Task input:
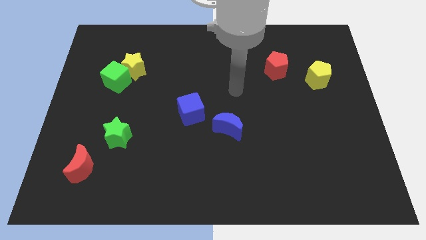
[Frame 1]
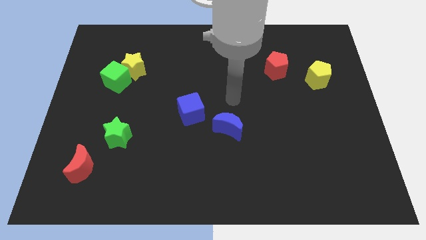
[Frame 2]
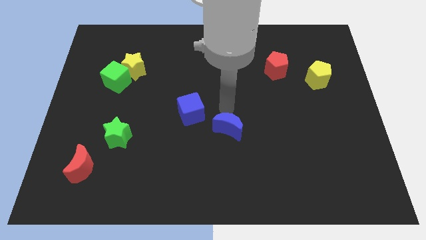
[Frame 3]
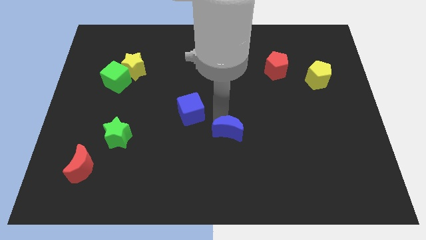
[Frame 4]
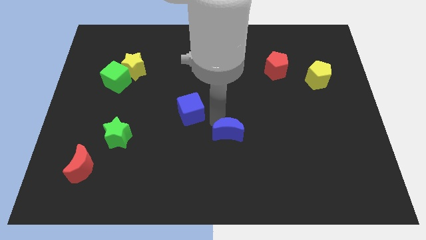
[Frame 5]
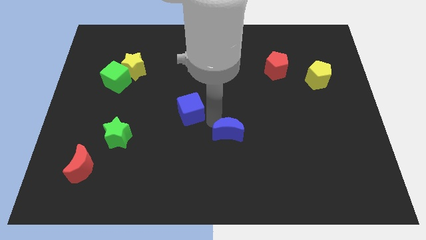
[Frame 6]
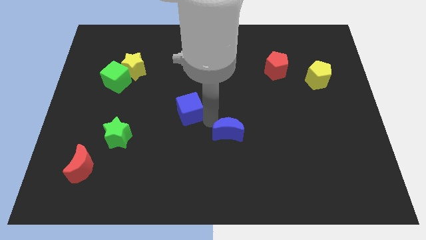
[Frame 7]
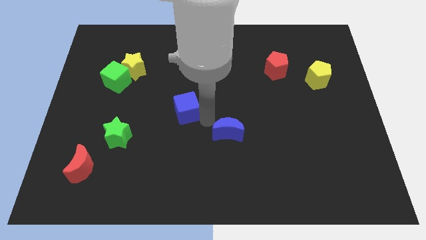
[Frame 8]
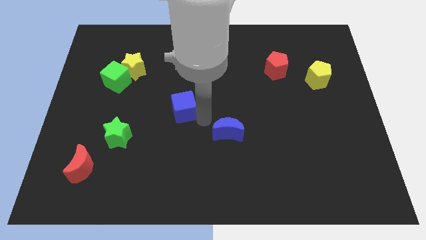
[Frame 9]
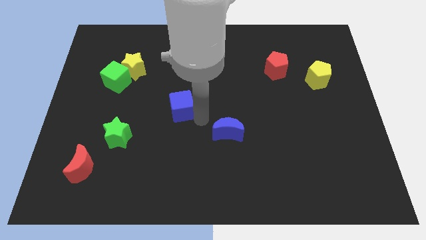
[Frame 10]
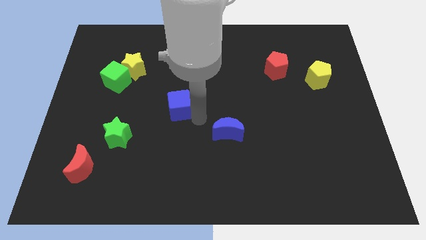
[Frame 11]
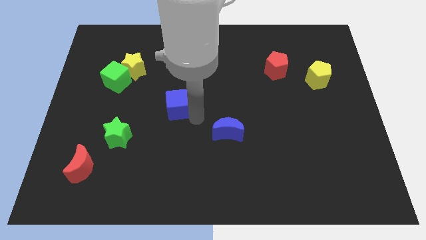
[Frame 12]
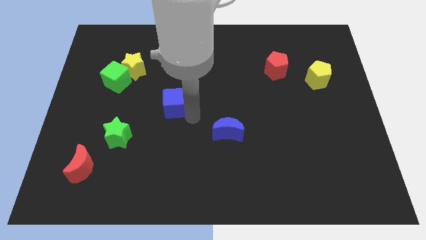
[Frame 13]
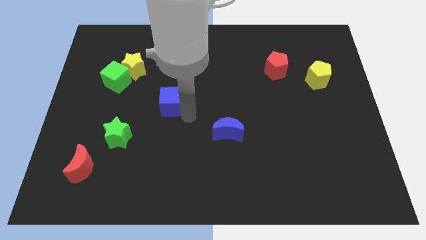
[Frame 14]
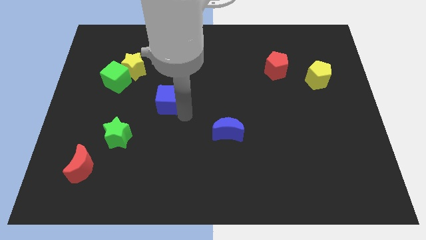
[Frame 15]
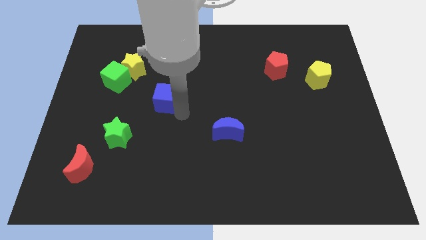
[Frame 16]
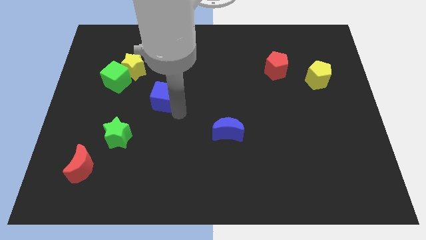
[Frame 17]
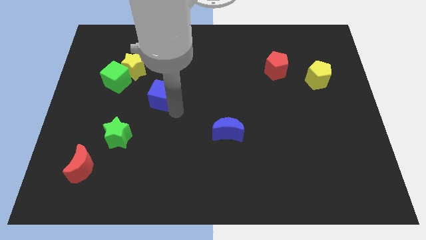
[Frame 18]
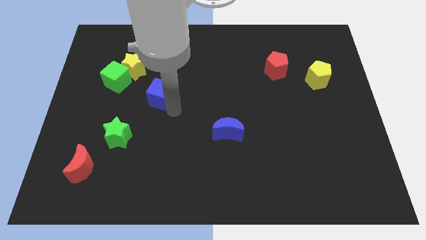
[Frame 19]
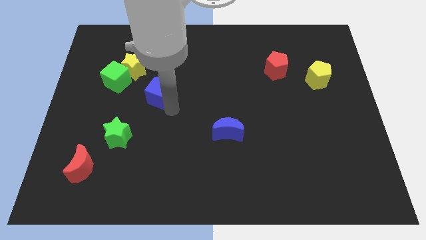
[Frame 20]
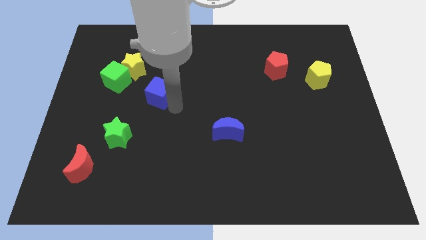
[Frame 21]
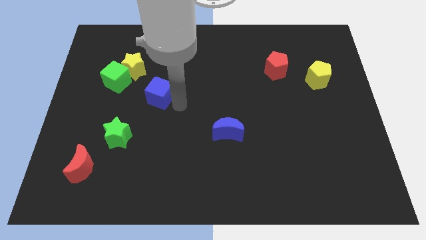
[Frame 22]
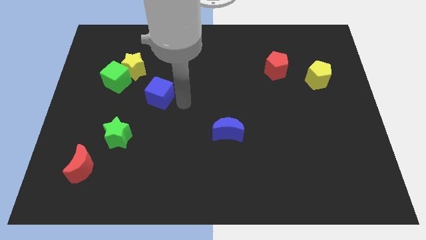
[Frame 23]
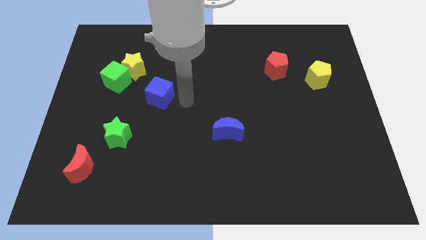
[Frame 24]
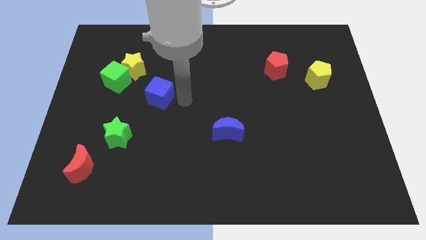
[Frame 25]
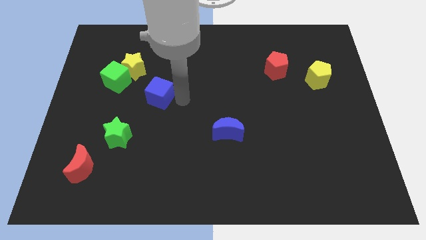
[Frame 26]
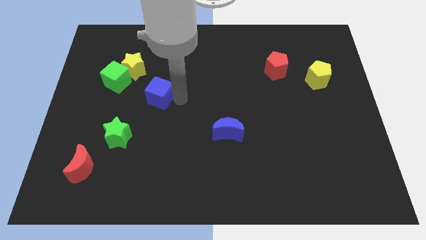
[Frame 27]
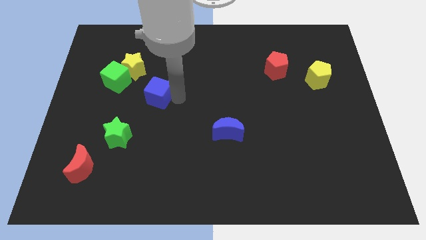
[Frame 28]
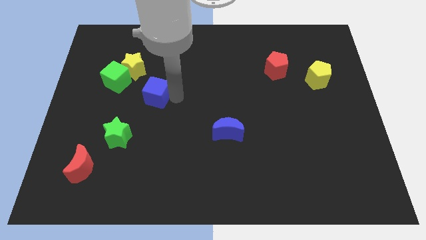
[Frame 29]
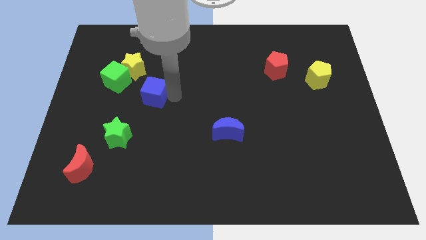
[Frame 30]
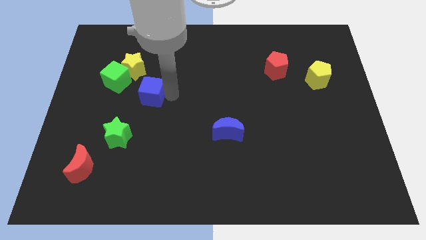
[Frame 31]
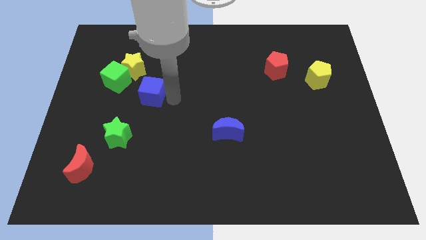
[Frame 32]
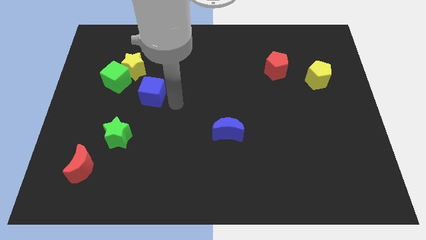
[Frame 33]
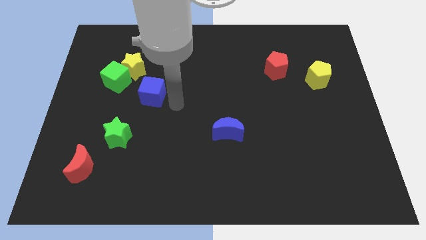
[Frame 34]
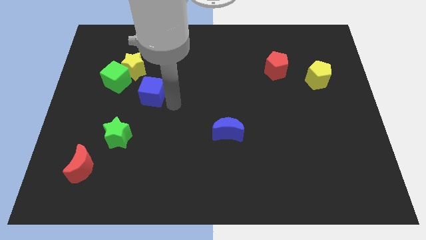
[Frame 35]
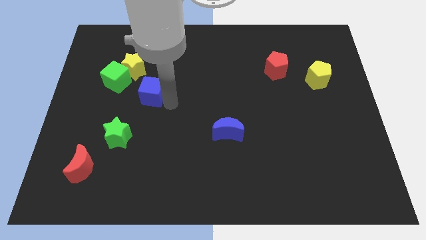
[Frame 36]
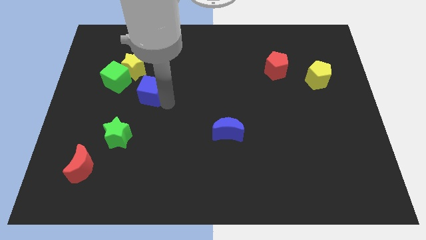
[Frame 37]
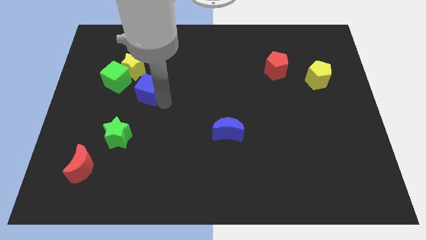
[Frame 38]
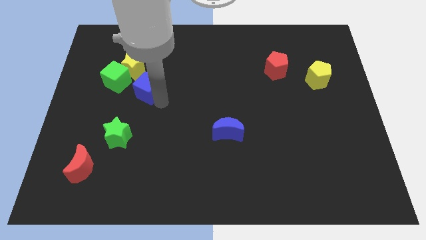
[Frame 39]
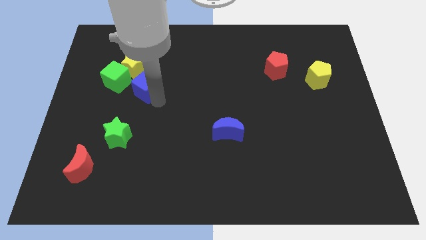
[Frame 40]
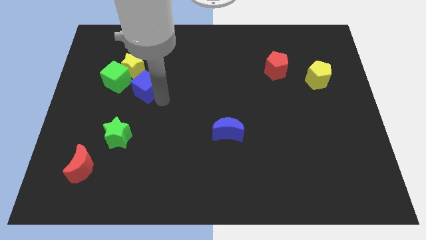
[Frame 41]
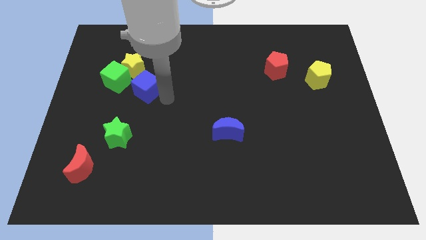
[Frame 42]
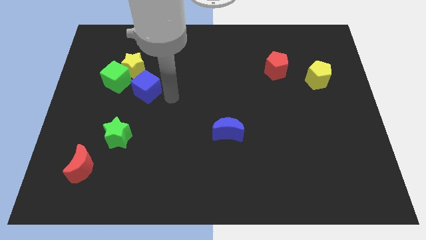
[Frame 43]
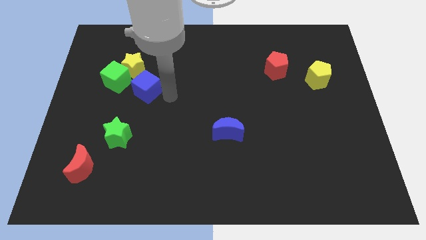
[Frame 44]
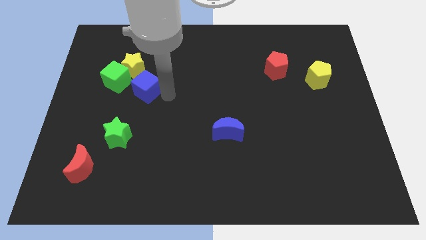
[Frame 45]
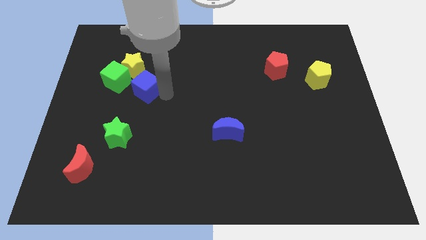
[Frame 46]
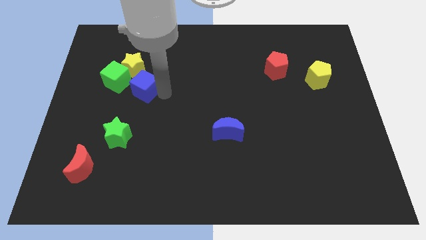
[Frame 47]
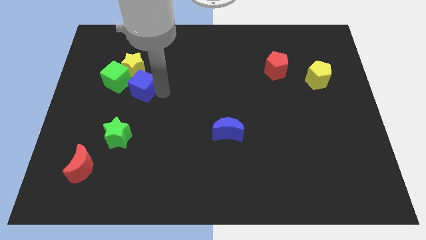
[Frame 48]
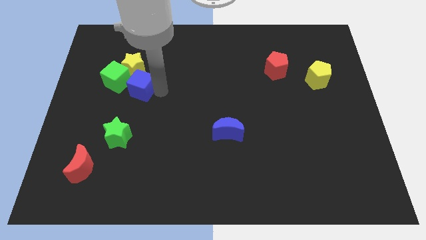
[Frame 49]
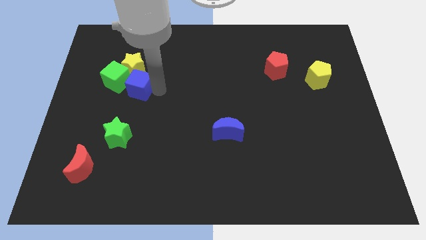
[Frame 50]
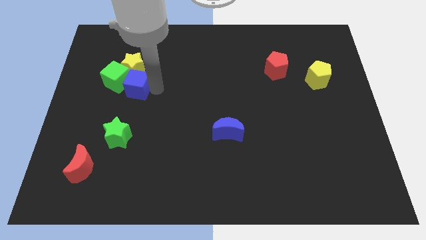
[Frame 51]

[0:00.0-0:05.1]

Exercise requirements: Write the records out exactly once more, leaving off the pictures.

Response area:
[Frame 1]
[Frame 2]
[Frame 3]
[Frame 4]
[Frame 5]
[Frame 6]
[Frame 7]
[Frame 8]
[Frame 9]
[Frame 10]
[Frame 11]
[Frame 12]
[Frame 13]
[Frame 14]
[Frame 15]
[Frame 16]
[Frame 17]
[Frame 18]
[Frame 19]
[Frame 20]
[Frame 21]
[Frame 22]
[Frame 23]
[Frame 24]
[Frame 25]
[Frame 26]
[Frame 27]
[Frame 28]
[Frame 29]
[Frame 30]
[Frame 31]
[Frame 32]
[Frame 33]
[Frame 34]
[Frame 35]
[Frame 36]
[Frame 37]
[Frame 38]
[Frame 39]
[Frame 40]
[Frame 41]
[Frame 42]
[Frame 43]
[Frame 44]
[Frame 45]
[Frame 46]
[Frame 47]
[Frame 48]
[Frame 49]
[Frame 50]
[Frame 51]

[0:00.0-0:05.1]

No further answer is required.